1. 华南理工大学信息网络工程研究中心，广东广州 510640； 2. 华南理工大学理学院，广东广州 510640；3. 华南理工大学计算机学院，广东广州 510640

出版日期:2013-12-25 发布日期:2013-12-17
基金资助:
国家自然科学基金资助项目 (61070092)

Similar text positioning method based on slope-density cluster

Online:2013-12-25 Published:2013-12-17

摘要/Abstract

摘要： 相似文本标定是抄袭检测的一个重要环节，现有标定方法大多采用直接对文本或指纹进行合并的方式，标定精度受干扰信息影响较大。针对这种局限性，分析了匹配指纹对的语义特征，提出基于斜率密度的相似文本聚类方法，将文本匹配合并问题转化成稠密样本点聚类问题，并在PAN公用语料库上对该方法进行了测试，得到的主要指标优于PAN10前3名。目前已将该方法用于华南理工大学特色专业教学平台的作业查抄，取得了较好的效果。

Abstract: Similar text positioning is an important part of plagiarism detection. The existing positioning method directly merges text or fingerprint to obtain similar text. Due to the disturb information in the similar text, the positioning accuracy is poor.
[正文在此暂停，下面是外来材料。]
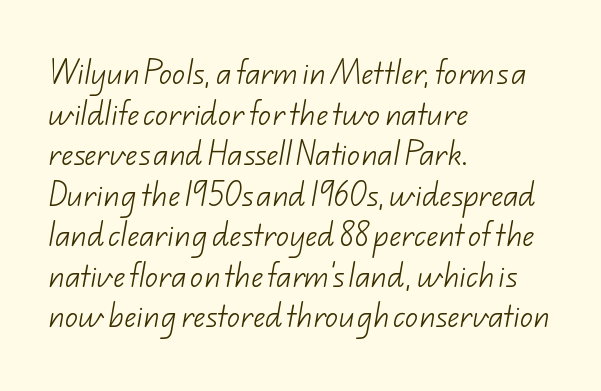
These lines keep a tight, regular rhythm from letter to letter. Rows of type keep a routine distance in the vertical direction. Line beginnings align vertically; line endings do not. No chunkiness to these letters — they're not bold.
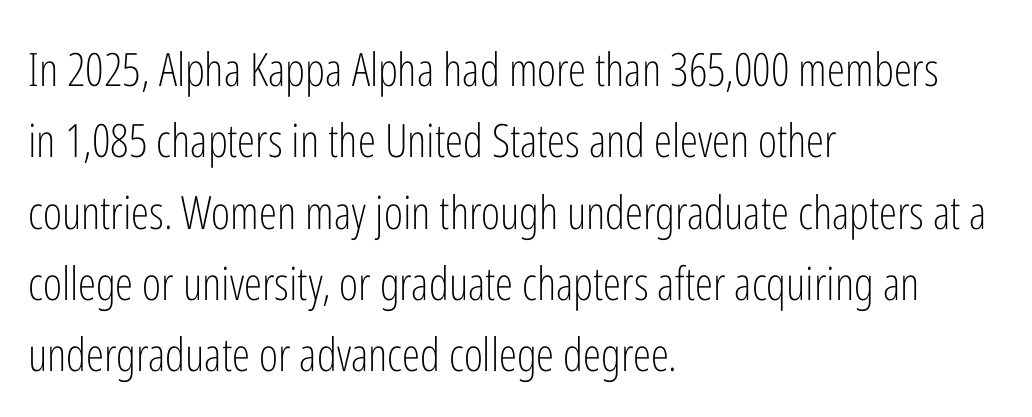
The image shows 46 px light, condensed sans-serif type, upright; set left-aligned, normal line spacing (1.55x), normal letter spacing, not underlined; low stroke contrast and a medium x-height.
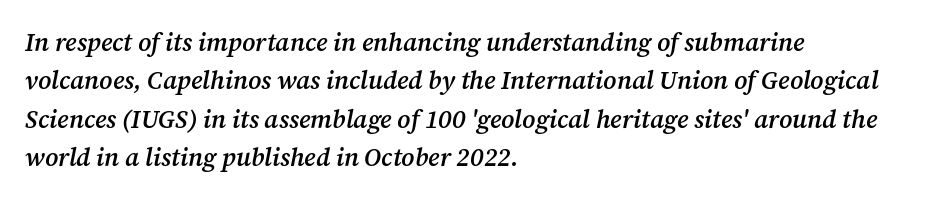
This is the in-between weight designers call semibold or demi. The text carries the slant typical of an italic or oblique font. This rendering leaves character spacing at its baseline value. Type without underlining. Teacher's note: observe the even left margin — that is flush-left alignment.

The semantic features of the match fingerprints were analyzed, and a cluster method based on slope density for similar text positioning was proposed, which converts the text merge problem into dense sample points clustering problem, and improves the efficiency and accuracy of the positioning. Through the experiment on the PAN public corpus, the result shows it performs better than the PAN10 top three. This method has been used in the South China University of Technology 's feature professional teaching platform to detect the plagiarism of homework.

邹杜1，唐文军1，龙卫江2，张凌3. 基于斜率密度聚类的相似文本标定[J]. 通信学报.